── Data to process ──

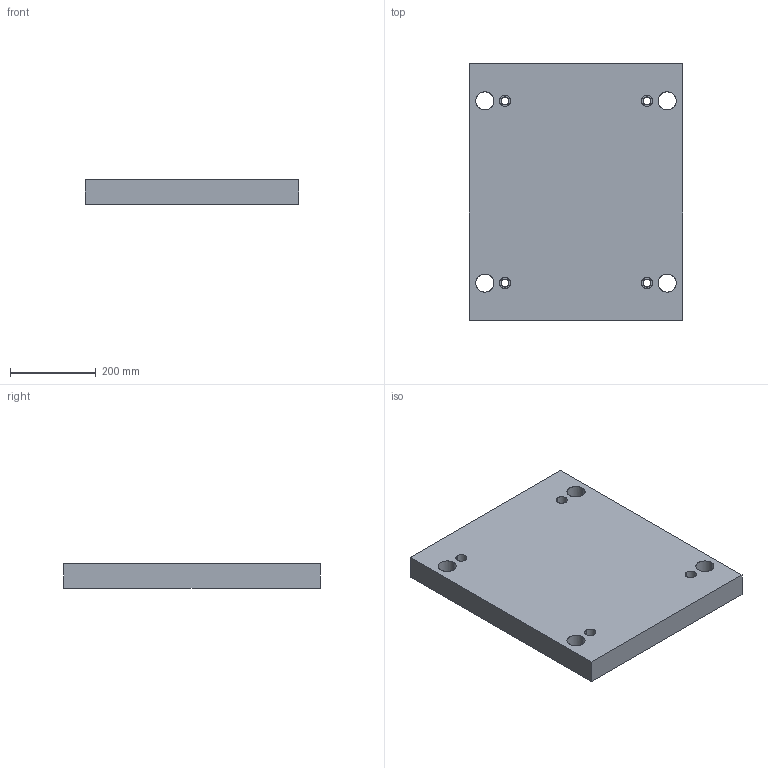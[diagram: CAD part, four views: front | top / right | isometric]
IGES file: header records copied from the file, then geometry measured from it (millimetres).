
Start section: Comment
Global section: file name: OSD2496x496056_.igs; native system:  By Spatial Corp.; preprocessor: XPlus PS/IGES 3.0; author: Author; organization: Title; date: 20040504.202255; units: inch
Bounding box: 496 x 596 x 56 mm (x, y, z)
Surface area: 744750.8 mm2 (no closed solid volume)
Topology: 0 solids, 0 shells, 34 faces, 168 edges, 168 vertices
Faces by surface type: bspline 34
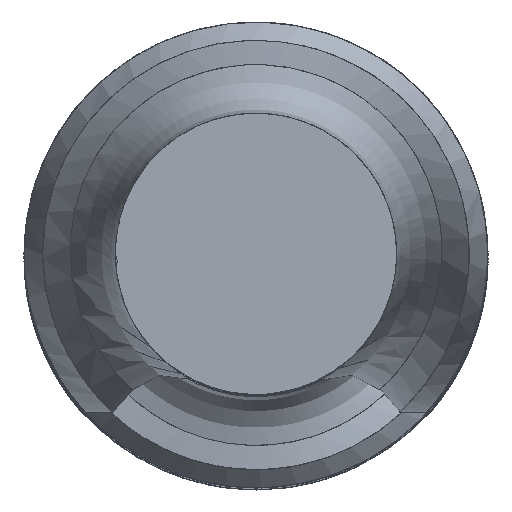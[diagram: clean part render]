
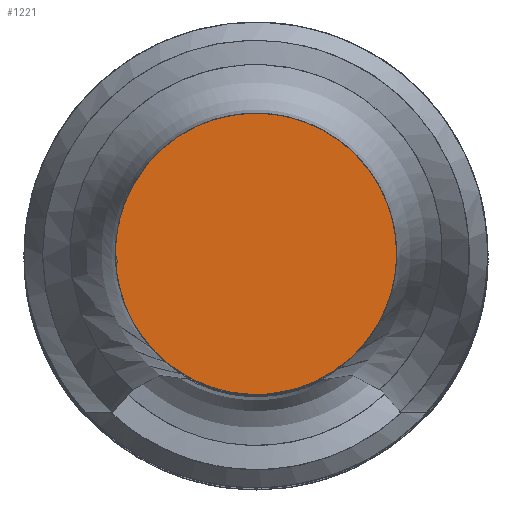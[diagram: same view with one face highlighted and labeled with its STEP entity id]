
A CAD part, top view. The second image highlights one B-rep face of the part: STEP entity #1221.
In plain terms, the highlighted free-form (B-spline) face has degree [1, 1] with [2, 2] control points.
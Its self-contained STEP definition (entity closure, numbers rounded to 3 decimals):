
#1113=CARTESIAN_POINT('',(-23.377,-23.377,300.0));
#1114=CARTESIAN_POINT('',(23.377,-23.377,300.0));
#1115=CARTESIAN_POINT('',(-23.377,23.377,300.0));
#1116=CARTESIAN_POINT('',(23.377,23.377,300.0));
#1117=QUASI_UNIFORM_SURFACE('',1,1,((#1113,#1115),(#1114,#1116)),.UNSPECIFIED.,.F.,.F.,.U.);
#1118=CARTESIAN_POINT('',(23.1,0.0,300.0));
#1119=VERTEX_POINT('',#1118);
#1120=CARTESIAN_POINT('',(23.1,0.0,300.0));
#1121=CARTESIAN_POINT('',(23.073,1.143,300.0));
#1122=CARTESIAN_POINT('',(22.99,2.276,300.0));
#1123=CARTESIAN_POINT('',(22.763,3.954,300.0));
#1124=CARTESIAN_POINT('',(22.413,5.607,300.0));
#1125=CARTESIAN_POINT('',(21.939,7.236,300.0));
#1126=CARTESIAN_POINT('',(21.342,8.84,300.0));
#1127=CARTESIAN_POINT('',(20.879,9.886,300.0));
#1128=CARTESIAN_POINT('',(20.369,10.9,300.0));
#1129=CARTESIAN_POINT('',(19.518,12.364,300.0));
#1130=CARTESIAN_POINT('',(18.561,13.757,300.0));
#1131=CARTESIAN_POINT('',(17.5,15.081,300.0));
#1132=CARTESIAN_POINT('',(16.334,16.334,300.0));
#1133=CARTESIAN_POINT('',(15.506,17.123,300.0));
#1134=CARTESIAN_POINT('',(14.647,17.866,300.0));
#1135=CARTESIAN_POINT('',(13.301,18.892,300.0));
#1136=CARTESIAN_POINT('',(11.884,19.813,300.0));
#1137=CARTESIAN_POINT('',(10.397,20.63,300.0));
#1138=CARTESIAN_POINT('',(8.84,21.342,300.0));
#1139=CARTESIAN_POINT('',(7.773,21.754,300.0));
#1140=CARTESIAN_POINT('',(6.696,22.111,300.0));
#1141=CARTESIAN_POINT('',(5.059,22.544,300.0));
#1142=CARTESIAN_POINT('',(3.397,22.853,300.0));
#1143=CARTESIAN_POINT('',(1.711,23.038,300.0));
#1144=CARTESIAN_POINT('',(0.0,23.1,300.0));
#1145=CARTESIAN_POINT('',(-1.143,23.073,300.0));
#1146=CARTESIAN_POINT('',(-2.276,22.99,300.0));
#1147=CARTESIAN_POINT('',(-3.954,22.763,300.0));
#1148=CARTESIAN_POINT('',(-5.607,22.413,300.0));
#1149=CARTESIAN_POINT('',(-7.236,21.939,300.0));
#1150=CARTESIAN_POINT('',(-8.84,21.342,300.0));
#1151=CARTESIAN_POINT('',(-9.886,20.879,300.0));
#1152=CARTESIAN_POINT('',(-10.9,20.369,300.0));
#1153=CARTESIAN_POINT('',(-12.364,19.518,300.0));
#1154=CARTESIAN_POINT('',(-13.757,18.561,300.0));
#1155=CARTESIAN_POINT('',(-15.081,17.5,300.0));
#1156=CARTESIAN_POINT('',(-16.334,16.334,300.0));
#1157=CARTESIAN_POINT('',(-17.123,15.506,300.0));
#1158=CARTESIAN_POINT('',(-17.866,14.647,300.0));
#1159=CARTESIAN_POINT('',(-18.892,13.301,300.0));
#1160=CARTESIAN_POINT('',(-19.813,11.884,300.0));
#1161=CARTESIAN_POINT('',(-20.63,10.397,300.0));
#1162=CARTESIAN_POINT('',(-21.342,8.84,300.0));
#1163=CARTESIAN_POINT('',(-21.754,7.773,300.0));
#1164=CARTESIAN_POINT('',(-22.111,6.696,300.0));
#1165=CARTESIAN_POINT('',(-22.544,5.059,300.0));
#1166=CARTESIAN_POINT('',(-22.853,3.397,300.0));
#1167=CARTESIAN_POINT('',(-23.038,1.711,300.0));
#1168=CARTESIAN_POINT('',(-23.1,0.,300.0));
#1169=CARTESIAN_POINT('',(-23.073,-1.143,300.0));
#1170=CARTESIAN_POINT('',(-22.99,-2.276,300.0));
#1171=CARTESIAN_POINT('',(-22.763,-3.954,300.0));
#1172=CARTESIAN_POINT('',(-22.413,-5.607,300.0));
#1173=CARTESIAN_POINT('',(-21.939,-7.236,300.0));
#1174=CARTESIAN_POINT('',(-21.342,-8.84,300.0));
#1175=CARTESIAN_POINT('',(-20.879,-9.886,300.0));
#1176=CARTESIAN_POINT('',(-20.369,-10.9,300.0));
#1177=CARTESIAN_POINT('',(-19.518,-12.364,300.0));
#1178=CARTESIAN_POINT('',(-18.561,-13.757,300.0));
#1179=CARTESIAN_POINT('',(-17.5,-15.081,300.0));
#1180=CARTESIAN_POINT('',(-16.334,-16.334,300.0));
#1181=CARTESIAN_POINT('',(-15.506,-17.123,300.0));
#1182=CARTESIAN_POINT('',(-14.647,-17.866,300.0));
#1183=CARTESIAN_POINT('',(-13.301,-18.892,300.0));
#1184=CARTESIAN_POINT('',(-11.884,-19.813,300.0));
#1185=CARTESIAN_POINT('',(-10.397,-20.63,300.0));
#1186=CARTESIAN_POINT('',(-8.84,-21.342,300.0));
#1187=CARTESIAN_POINT('',(-7.773,-21.754,300.0));
#1188=CARTESIAN_POINT('',(-6.696,-22.111,300.0));
#1189=CARTESIAN_POINT('',(-5.059,-22.544,300.0));
#1190=CARTESIAN_POINT('',(-3.397,-22.853,300.0));
#1191=CARTESIAN_POINT('',(-1.711,-23.038,300.0));
#1192=CARTESIAN_POINT('',(0.,-23.1,300.0));
#1193=CARTESIAN_POINT('',(1.143,-23.073,300.0));
#1194=CARTESIAN_POINT('',(2.276,-22.99,300.0));
#1195=CARTESIAN_POINT('',(3.954,-22.763,300.0));
#1196=CARTESIAN_POINT('',(5.607,-22.413,300.0));
#1197=CARTESIAN_POINT('',(7.236,-21.939,300.0));
#1198=CARTESIAN_POINT('',(8.84,-21.342,300.0));
#1199=CARTESIAN_POINT('',(9.886,-20.879,300.0));
#1200=CARTESIAN_POINT('',(10.9,-20.369,300.0));
#1201=CARTESIAN_POINT('',(12.364,-19.518,300.0));
#1202=CARTESIAN_POINT('',(13.757,-18.561,300.0));
#1203=CARTESIAN_POINT('',(15.081,-17.5,300.0));
#1204=CARTESIAN_POINT('',(16.334,-16.334,300.0));
#1205=CARTESIAN_POINT('',(17.123,-15.506,300.0));
#1206=CARTESIAN_POINT('',(17.866,-14.647,300.0));
#1207=CARTESIAN_POINT('',(18.892,-13.301,300.0));
#1208=CARTESIAN_POINT('',(19.813,-11.884,300.0));
#1209=CARTESIAN_POINT('',(20.63,-10.397,300.0));
#1210=CARTESIAN_POINT('',(21.342,-8.84,300.0));
#1211=CARTESIAN_POINT('',(21.754,-7.773,300.0));
#1212=CARTESIAN_POINT('',(22.111,-6.696,300.0));
#1213=CARTESIAN_POINT('',(22.544,-5.059,300.0));
#1214=CARTESIAN_POINT('',(22.853,-3.397,300.0));
#1215=CARTESIAN_POINT('',(23.1,0.0,300.0));
#1216=B_SPLINE_CURVE_WITH_KNOTS('',1,(#1120,#1121,#1122,#1123,#1124,#1125,#1126,#1127,#1128,#1129,#1130,#1131,#1132,#1133,#1134,#1135,#1136,#1137,#1138,#1139,#1140,#1141,#1142,#1143,#1144,#1145,#1146,#1147,#1148,#1149,#1150,#1151,#1152,#1153,#1154,#1155,#1156,#1157,#1158,#1159,#1160,#1161,#1162,#1163,#1164,#1165,#1166,#1167,#1168,#1169,#1170,#1171,#1172,#1173,#1174,#1175,#1176,#1177,#1178,#1179,#1180,#1181,#1182,#1183,#1184,#1185,#1186,#1187,#1188,#1189,#1190,#1191,#1192,#1193,#1194,#1195,#1196,#1197,#1198,#1199,#1200,#1201,#1202,#1203,#1204,#1205,#1206,#1207,#1208,#1209,#1210,#1211,#1212,#1213,#1214,#1215),.UNSPECIFIED.,.T.,.U.,(2,1,1,1,1,1,1,1,1,1,1,1,1,1,1,1,1,1,1,1,1,1,1,1,1,1,1,1,1,1,1,1,1,1,1,1,1,1,1,1,1,1,1,1,1,1,1,1,1,1,1,1,1,1,1,1,1,1,1,1,1,1,1,1,1,1,1,1,1,1,1,1,1,1,1,1,1,1,1,1,1,1,1,1,1,1,1,1,1,1,1,1,1,1,1,2),(0.0,0.008,0.016,0.027,0.039,0.051,0.063,0.07,0.078,0.09,0.102,0.113,0.125,0.133,0.141,0.152,0.164,0.176,0.188,0.195,0.203,0.215,0.227,0.238,0.25,0.258,0.266,0.277,0.289,0.301,0.313,0.32,0.328,0.34,0.352,0.363,0.375,0.383,0.391,0.402,0.414,0.426,0.438,0.445,0.453,0.465,0.477,0.488,0.5,0.508,0.516,0.527,0.539,0.551,0.563,0.57,0.578,0.59,0.602,0.613,0.625,0.633,0.641,0.652,0.664,0.676,0.688,0.695,0.703,0.715,0.727,0.738,0.75,0.758,0.766,0.777,0.789,0.801,0.813,0.82,0.828,0.84,0.852,0.863,0.875,0.883,0.891,0.902,0.914,0.926,0.938,0.945,0.953,0.965,0.977,1.0),.UNSPECIFIED.);
#1217=EDGE_CURVE('',#1119,#1119,#1216,.T.);
#1218=ORIENTED_EDGE('',*,*,#1217,.T.);
#1219=EDGE_LOOP('',(#1218));
#1220=FACE_OUTER_BOUND('',#1219,.T.);
#1221=ADVANCED_FACE('',(#1220),#1117,.T.);

───

_Exercise goal:_ Please reproduce the lines from the line with "#1158=CARTESIAN_POINT('',(-17.866,14.647,300.0));" to the line with "#1178=CARTESIAN_POINT('',(-18.561,-13.757,300.0));", both ends included, exactly as they appear above.

_Output:_
#1158=CARTESIAN_POINT('',(-17.866,14.647,300.0));
#1159=CARTESIAN_POINT('',(-18.892,13.301,300.0));
#1160=CARTESIAN_POINT('',(-19.813,11.884,300.0));
#1161=CARTESIAN_POINT('',(-20.63,10.397,300.0));
#1162=CARTESIAN_POINT('',(-21.342,8.84,300.0));
#1163=CARTESIAN_POINT('',(-21.754,7.773,300.0));
#1164=CARTESIAN_POINT('',(-22.111,6.696,300.0));
#1165=CARTESIAN_POINT('',(-22.544,5.059,300.0));
#1166=CARTESIAN_POINT('',(-22.853,3.397,300.0));
#1167=CARTESIAN_POINT('',(-23.038,1.711,300.0));
#1168=CARTESIAN_POINT('',(-23.1,0.,300.0));
#1169=CARTESIAN_POINT('',(-23.073,-1.143,300.0));
#1170=CARTESIAN_POINT('',(-22.99,-2.276,300.0));
#1171=CARTESIAN_POINT('',(-22.763,-3.954,300.0));
#1172=CARTESIAN_POINT('',(-22.413,-5.607,300.0));
#1173=CARTESIAN_POINT('',(-21.939,-7.236,300.0));
#1174=CARTESIAN_POINT('',(-21.342,-8.84,300.0));
#1175=CARTESIAN_POINT('',(-20.879,-9.886,300.0));
#1176=CARTESIAN_POINT('',(-20.369,-10.9,300.0));
#1177=CARTESIAN_POINT('',(-19.518,-12.364,300.0));
#1178=CARTESIAN_POINT('',(-18.561,-13.757,300.0));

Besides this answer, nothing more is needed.